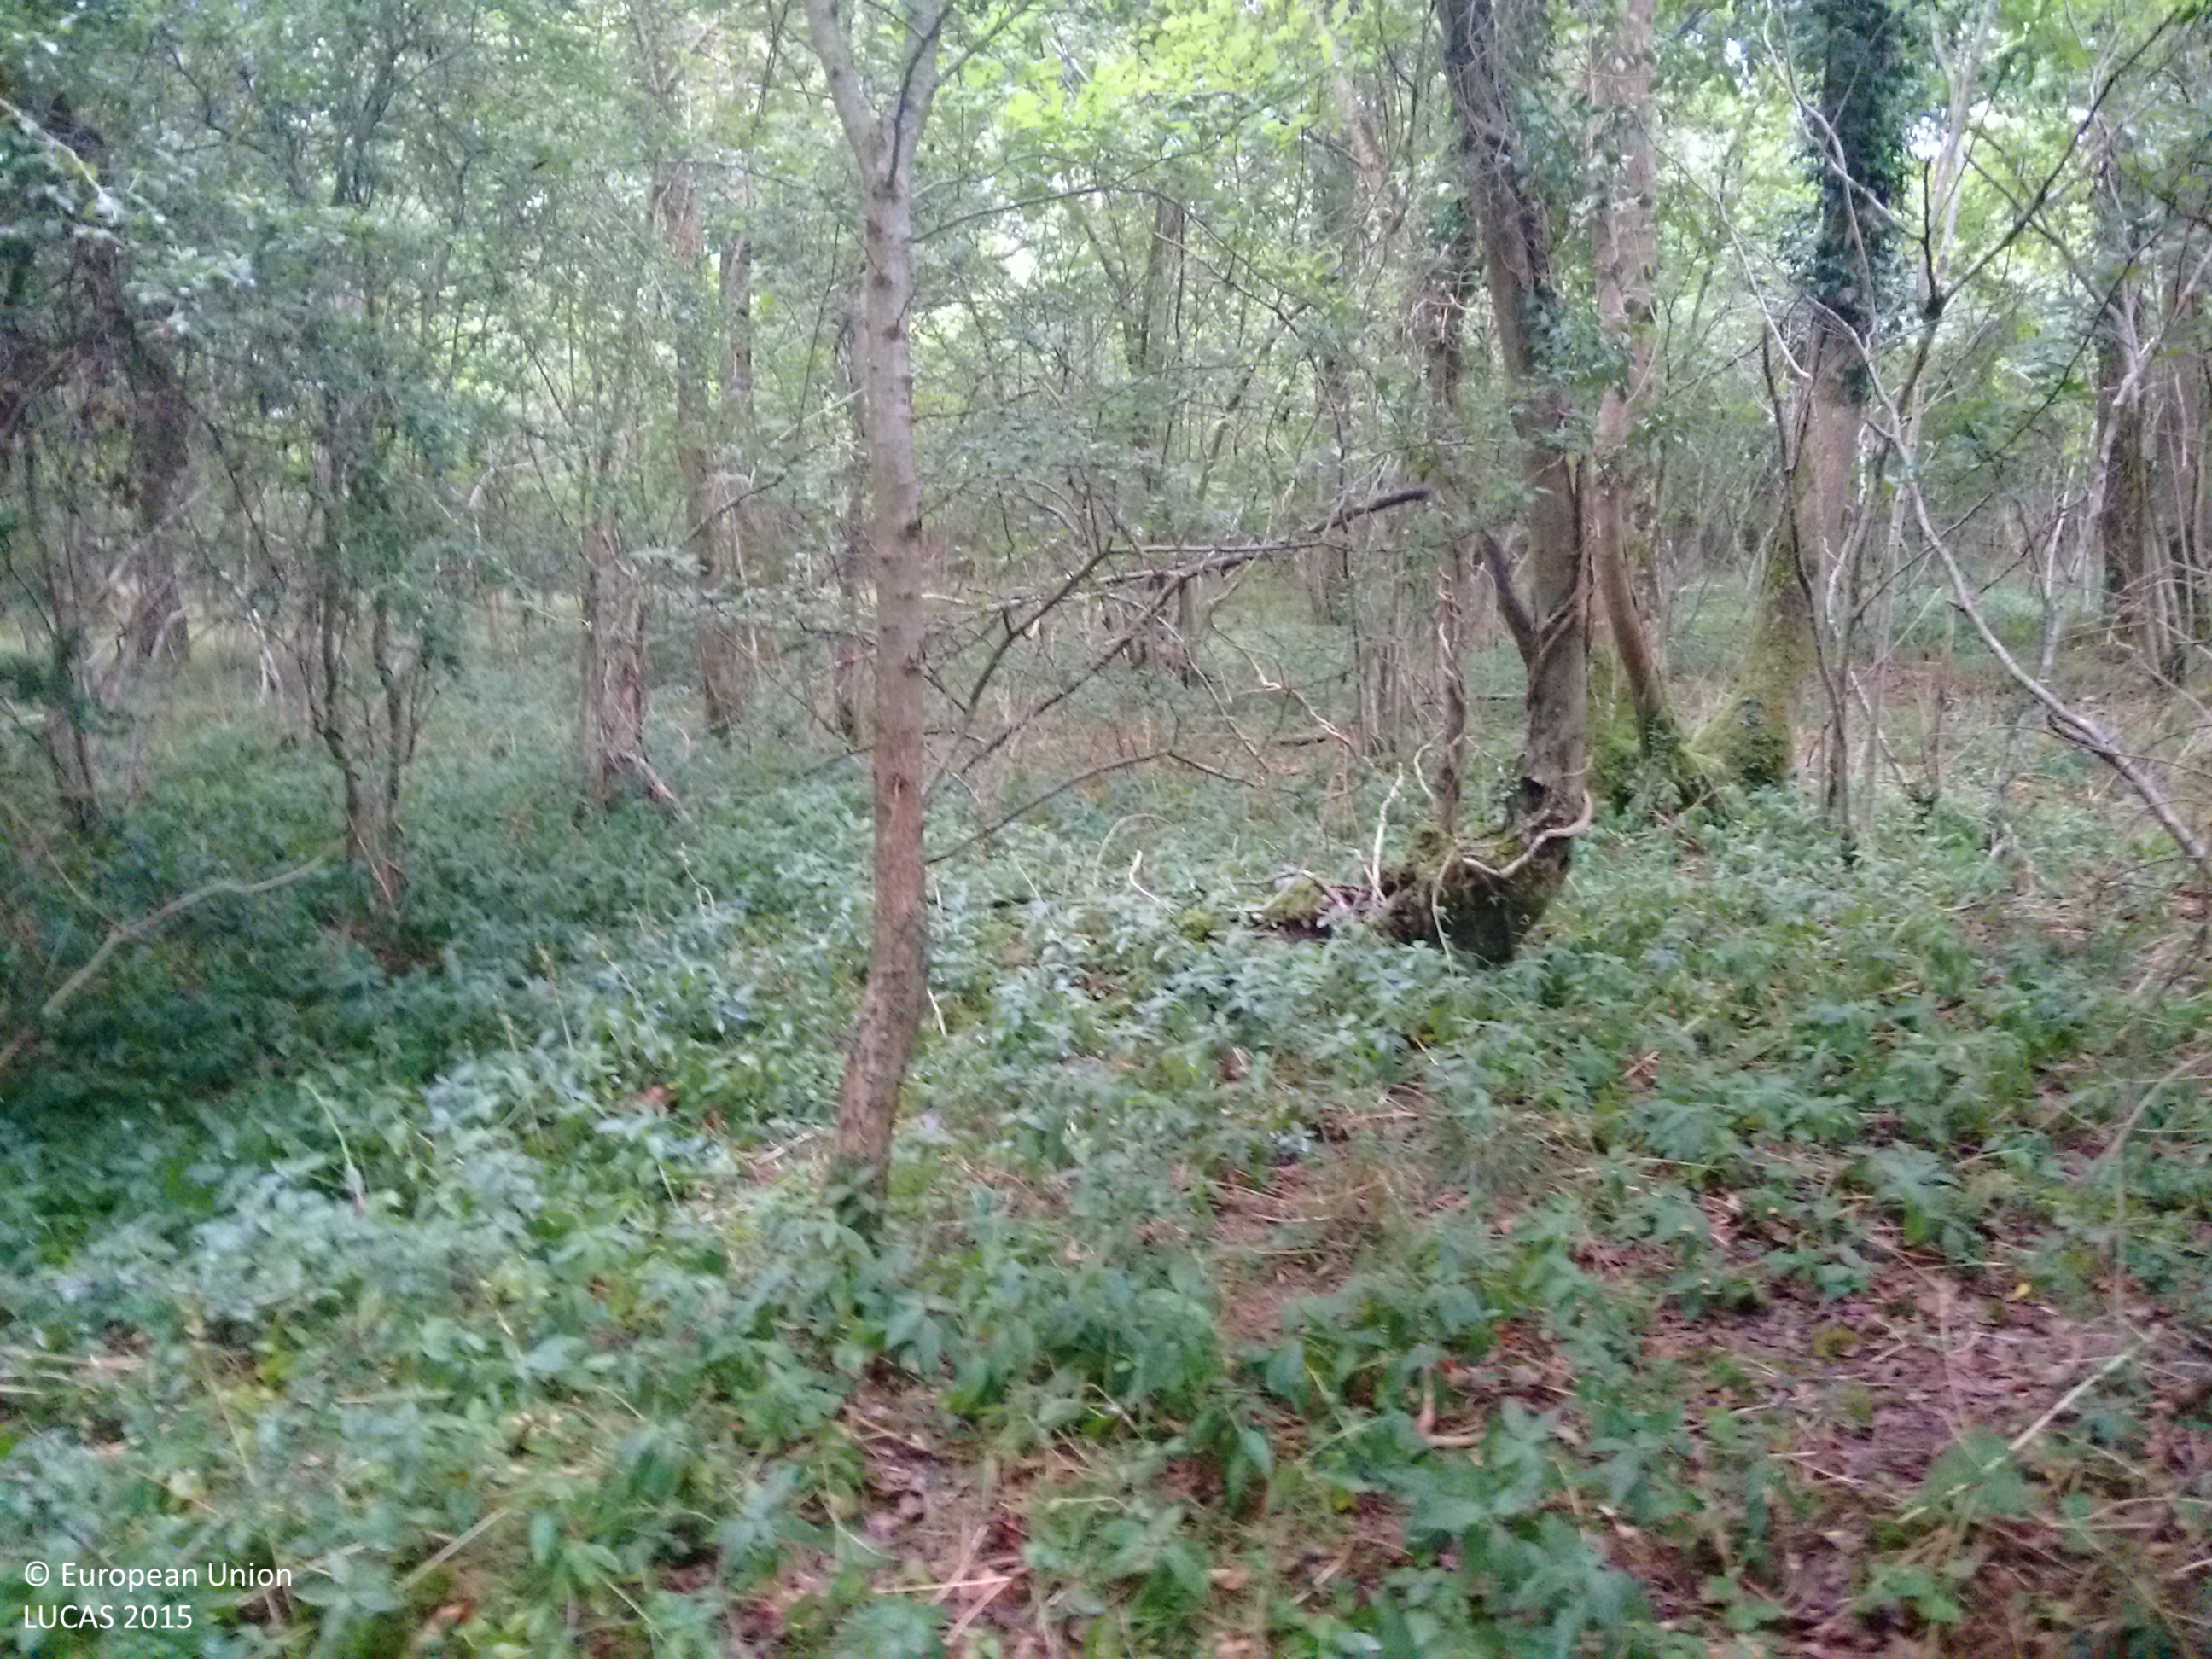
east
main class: Woodland
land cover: Broadleaved woodland
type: mesophytic deciduous forest
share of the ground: > 75 %
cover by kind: broadleaved forest trees 100 %
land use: Other primary production
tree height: > 5 m
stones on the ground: < 10 %
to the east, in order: Broadleaved woodland; Tracks; Broadleaved woodland; Tracks; Managed hedges; Grass margins; Barley
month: July
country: GB
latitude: 50.7442
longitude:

**TASK ITEM**
Write out each entry above once more, exactly as written, and drop the pictures.

**YOUR SOLUTION**
east
main class: Woodland
land cover: Broadleaved woodland
type: mesophytic deciduous forest
share of the ground: > 75 %
cover by kind: broadleaved forest trees 100 %
land use: Other primary production
tree height: > 5 m
stones on the ground: < 10 %
to the east, in order: Broadleaved woodland; Tracks; Broadleaved woodland; Tracks; Managed hedges; Grass margins; Barley
month: July
country: GB
latitude: 50.7442
longitude:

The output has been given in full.